The final format is a two-columns table.
output:
>seq01 AGCTACGTACATCAGTCGTGTGATCGAGCGGG
>seq02 AGCTAGAGTAGCGCGCTAGCTAGCGATGCAACGCGGTCGT
>seq03 AGCTACGTACATGCAGTCGTGTGATGCGAGCGGGA
My code is:
#include <iostream>
#include <fstream>
#include <string>
using namespace std;
int main()
{
ifstream inFILE("infile.fasta");
int inGuard = 1; //using a guard variable
while (inFILE.good()) {
string line; //declare string for each line
getline(inFILE, line); //Read the whole line
char *sPtr; //Declare char pointer sPtr for tokens
//Initialize char pointer sArray for conversion of the string to char*
char *sArray = new char[line.length() + 1];
strcpy(sArray, line.c_str());
if (sArray[0] == '>') {
sPtr = strtok(sArray, " "); //Using space as delimiter get the first token.
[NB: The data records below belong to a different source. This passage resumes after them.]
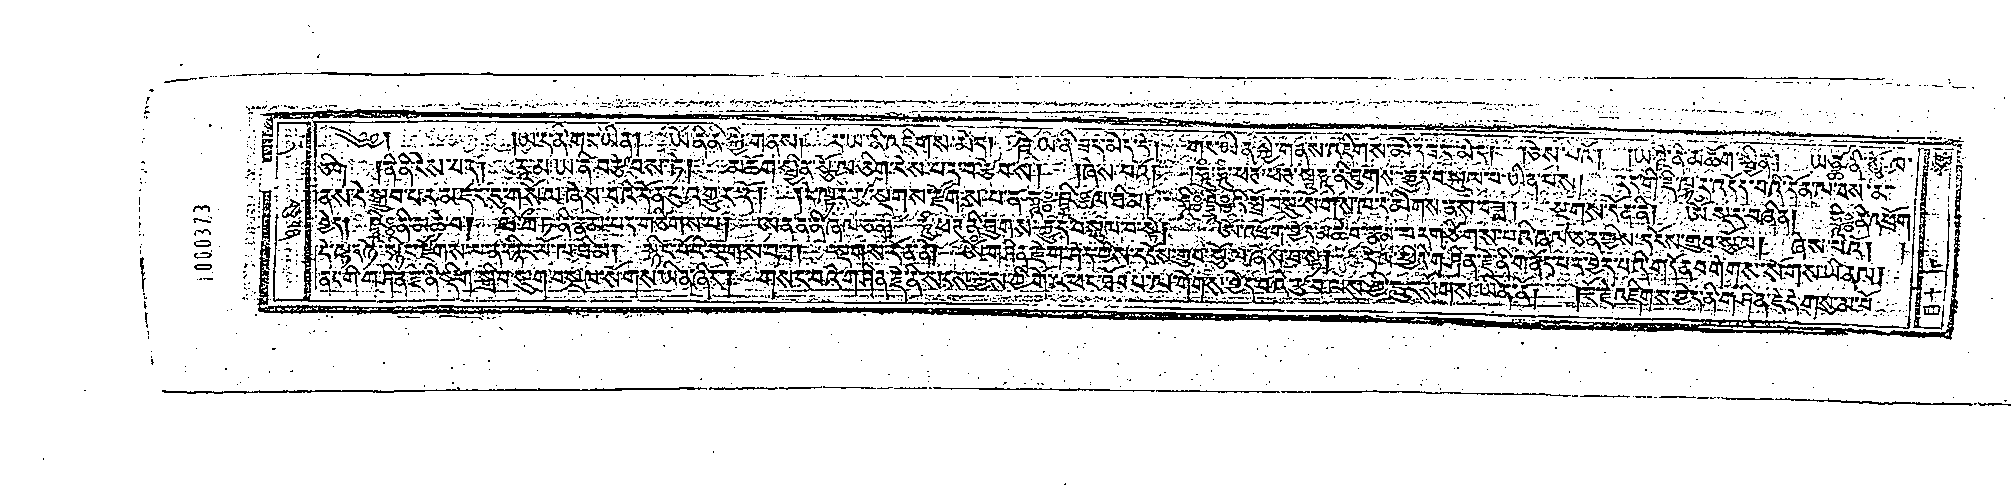༄༅། །ཡ་ང་ནི་གང་ཡིན། ཡོ་ནི་ནི་སྐྱེ་གནས། ར་ཡ་ནི་འཇིགས་མེད། ཀྵེ་ཡ་ནི་ཟད་མེད་དེ། གང་ཡིན་སྐྱེ་གནས་འཇིགས་མེད་ཟེར་མེད། །ཅེས་པའོ། །ཡ་ཀྵེ་ནི་མཆོག་སྦྱིན། ཡཙྪ་ནི་སྩོལ་
ཅིག །ནི་ནི་ངེས་པར། རཱ་མ་ཡ་ནི་བརྩེབས་ཏེ། མཆོག་སྦྱིན་སྩོལ་ཅིག་ངེས་པར་བརྩེ་བས། །ཞེས་པའོ། །ཧཱུཾ་ཧཱུཾ་ཕཊ་ཕཊ་སྭཱ་ཧཱ་ནི་ཐུགས་རྒྱུད་བསྐུལ་བ་ཡིན་པས། རང་གི་ཇི་ལྟར་འདོད་པའི་དོན་ལ་བསམ་
ནས་དེ་སྒྲུབ་པར་མཛད་དུ་གསོལ་ཞེས་བའི་དོན་དུ་འགྱུར་རོ། །དེ་ལྟར་རྩ་སྔགས་རྫོགས་པ་ན་ཧཱཿ་ཥྚཱིཿ་ལ་ཐིམ། ཧཱིཿ་ཥྚྲཱིཿ་འི་སྤྲོ་བསྡུ་སོགས་ལ་དམིགས་ནས་བཟླ། སྔགས་དོན་ནི། ཨོཾ་སྔར་བཞི། ཧྲཱིཿ་ནི་འཕྲོ་
བྱེད། ཥྚཱིཿ་ནི་མཆེ་བ། ཝི་ཀྲྀ་ཏ་ནི་རྣམ་པར་གཙིགས་པ། ཨན་ན་ནི་ཞལ་ཅན། ཧཱུཾ་ཕཊ་ནི་ཐུགས་རྒྱུད་བསྐུལ་བ་སྟེ། ཨོཾ་འཕྲོག་བྱེད་མཆེ་བ་རྣམ་པར་གཙིགས་པའི་ཞལ་ཅན་གྱིས་དངོས་གྲུབ་སྩོལ། ཞེས་པའོ། །
དེ་ལྟར་ཉེ་སྙིང་རྫོགས་པ་ན་སྙིང་པོ་ལ་ཐིམ། སྙིང་པོའི་སྔགས་བཟླ། སྔགས་དོན་ནི། ཨོཾ་གཤིན་རྗེ་གཤེད་ཀྱིས་དངོས་གྲུབ་སྩོལ་ཞེས་པ་སྟེ། དེ་ལ་ཕྱིའི་གཤིན་རྗེ་ནི་གནོད་པར་བྱེད་པའི་གདོན་བགེགས་སོགས་ཡིན་ལ།
ནང་གི་གཤིན་རྗེ་ནི་སྡིག་སྒྲིབ་སྡུག་བསྔལ་སོགས་ཡིན་ཞིང་། གསང་བའི་གཤིན་རྗེ་ནི་སངས་རྒྱས་ཀྱི་གོ་འཕང་ཐོབ་པ་ལ་གེགས་བྱེད་བའི་རྩ་བ་ལས་ཀྱི་རླུང་སོགས་ཡིན་ནོ། །རྡོ་རྗེ་འཇིགས་བྱེད་ནི་གཤིན་རྗེ་དེ་གསུམ་པོ་

cout << sPtr << " "; //Print the first token only
continue;
}
else
{
sPtr = strtok(sArray, " "); //Get all the tokens with " " as delimiter.
//For all tokens
while (sPtr != NULL) {
cout << sPtr;
sPtr = strtok(NULL, " ");
}
}
}
cout << endl;
inFILE.close();
return 0;
}
But my output is:
>seq01 AGCTACGTACATCAGTCGTGTGATCGAGCGGG>seq02anotherchloropyll_RubiscosubunitAGCTAGAGTAGCGCGCTAGCTAGCGATGCAACGCGGTCGT>seq03 AGCTACGTACATGCAGTCGTGTGATGCGAGCGGGA
I am stuck, and not quite clear where it went wrong. Thanks for any help!
---------- Post updated at 06:21 PM ---------- Previous update was at 05:32 PM ----------
Modified the if
block, but there is a bug for the first entry, i.e. an extra newline is printed at the beginning!
if (sArray[0] == '>') {
sPtr = strtok(sArray, " "); //Using space as delimiter get the first token.
if (inGuard == 1) {
cout << sPtr << " ";
inGuard++;
}
else
{
cout << endl << sPtr << " "; //Print the first token on a new line
}
continue;
output:
>seq01 AGCTACGTACATCAGTCGTGTGATCGAGCGGG
>seq02 AGCTAGAGTAGCGCGCTAGCTAGCGATGCAACGCGGTCGT
>seq03 AGCTACGTACATGCAGTCGTGTGATGCGAGCGGGA
What should I do to fix this? Thanks again!
---------- Post updated 09-12-14 at 03:41 AM ---------- Previous update was 09-11-14 at 06:21 PM ----------
One of the reasons for the old problem is the leading space in some of the entries, like >seq02
. But the first newline still bugs me.
---------- Post updated at 11:31 AM ---------- Previous update was at 03:41 AM ----------
Solved the problem with a guard variable. Modified code are highlighted in bold red.
Admin, should this post be deleted as answered by myself?